Update interval and repeat.

Practice Question: Solve $x^2 – 6 = 0$ on $[2, 3]$ using the Method of False Position.

4.3 Newton-Raphson Method

Principle: Uses the tangent line at a point to approximate the root.
Formula: $x_{n+1} = x_n – \frac{f(x_n)}{f'(x_n)}$
Advantages: Very fast convergence near the root.
Disadvantages: Requires derivative and may diverge.

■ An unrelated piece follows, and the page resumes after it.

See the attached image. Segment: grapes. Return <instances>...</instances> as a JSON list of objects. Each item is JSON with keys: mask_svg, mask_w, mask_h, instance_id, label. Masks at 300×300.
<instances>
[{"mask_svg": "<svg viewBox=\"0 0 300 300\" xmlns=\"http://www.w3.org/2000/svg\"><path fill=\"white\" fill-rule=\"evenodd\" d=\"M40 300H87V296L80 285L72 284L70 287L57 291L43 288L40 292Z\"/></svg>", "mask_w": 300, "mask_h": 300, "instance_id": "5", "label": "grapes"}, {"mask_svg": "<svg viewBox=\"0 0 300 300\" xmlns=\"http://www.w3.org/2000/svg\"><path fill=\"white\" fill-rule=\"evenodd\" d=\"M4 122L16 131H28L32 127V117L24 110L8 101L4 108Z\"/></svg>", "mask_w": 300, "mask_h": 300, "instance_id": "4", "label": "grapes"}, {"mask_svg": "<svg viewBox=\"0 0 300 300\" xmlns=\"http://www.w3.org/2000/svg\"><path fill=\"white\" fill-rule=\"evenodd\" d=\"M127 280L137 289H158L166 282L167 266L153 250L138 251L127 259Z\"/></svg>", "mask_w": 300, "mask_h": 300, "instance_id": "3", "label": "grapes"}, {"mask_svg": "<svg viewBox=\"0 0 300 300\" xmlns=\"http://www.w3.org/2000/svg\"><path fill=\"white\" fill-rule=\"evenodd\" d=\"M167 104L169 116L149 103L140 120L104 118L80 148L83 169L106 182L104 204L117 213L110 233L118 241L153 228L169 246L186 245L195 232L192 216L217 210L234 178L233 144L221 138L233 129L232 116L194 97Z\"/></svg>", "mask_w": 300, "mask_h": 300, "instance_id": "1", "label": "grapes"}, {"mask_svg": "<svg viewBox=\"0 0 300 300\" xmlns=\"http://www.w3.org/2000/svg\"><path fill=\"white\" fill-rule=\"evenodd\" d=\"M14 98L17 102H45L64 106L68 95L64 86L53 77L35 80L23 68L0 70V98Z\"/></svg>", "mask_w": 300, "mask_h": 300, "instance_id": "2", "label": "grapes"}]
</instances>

Example: Solve $f(x) = x^2 – 2 = 0$ with $x_0 = 1.5$ .

$f(x) = x^2 – 2$ , $f'(x) = 2x$ .
$x_1 = 1.5 – \frac{1.5^2 – 2}{2(1.5)} = 1.4167$ .
Repeat until desired accuracy.

Practice Question: Solve $\ln(x) + x – 2 = 0$ using Newton-Raphson with $x_0 = 1$ .

4.4 Fixed-Point Iteration

Principle: Rewrites the equation as $x = g(x)$ and iterates.
Formula: $x_{n+1} = g(x_n)$
Convergence Criterion: $|g'(x)| < 1 \text{ near the root.}$

Example: Solve $x^3 + x – 1 = 0$ by rewriting as $x = \sqrt[3]{1 – x}$ .

$g(x) = \sqrt[3]{1-x}$ , $x_0 = 0.5$ .
$x_1 = \sqrt[3]{1 – 0.5} = 0.7937$ .
Repeat.

Practice Question: Solve $x^2 – 3 = 0$ by Fixed-Point Iteration.

4.5 Solution of a System of Nonlinear Equations

Uses extensions of methods like Newton-Raphson.
Example: Solve: $f(x, y) = x^2 + y^2 – 4 = 0, \quad g(x, y) = x^2 – y – 1 = 0$ using an iterative approach.

Summary

Bisection Method: Reliable, slower.
Method of False Position: Faster, may stagnate.
Newton-Raphson: Fast, requires derivative.
Fixed-Point Iteration: Simple, depends on $g'(x) < 1$ .
System of Equations: Extension of Newton-Raphson.

Practice Problems

Solve $x^3 – 5x + 3 = 0$ using Newton-Raphson with $x_0 = 1$ .
Solve $\sin(x) – x/2 = 0$ on $[1, 2]$ using the Method of False Position.
Solve the system: $x^2 + y^2 = 5, \quad x – y = 1$ using a numerical method.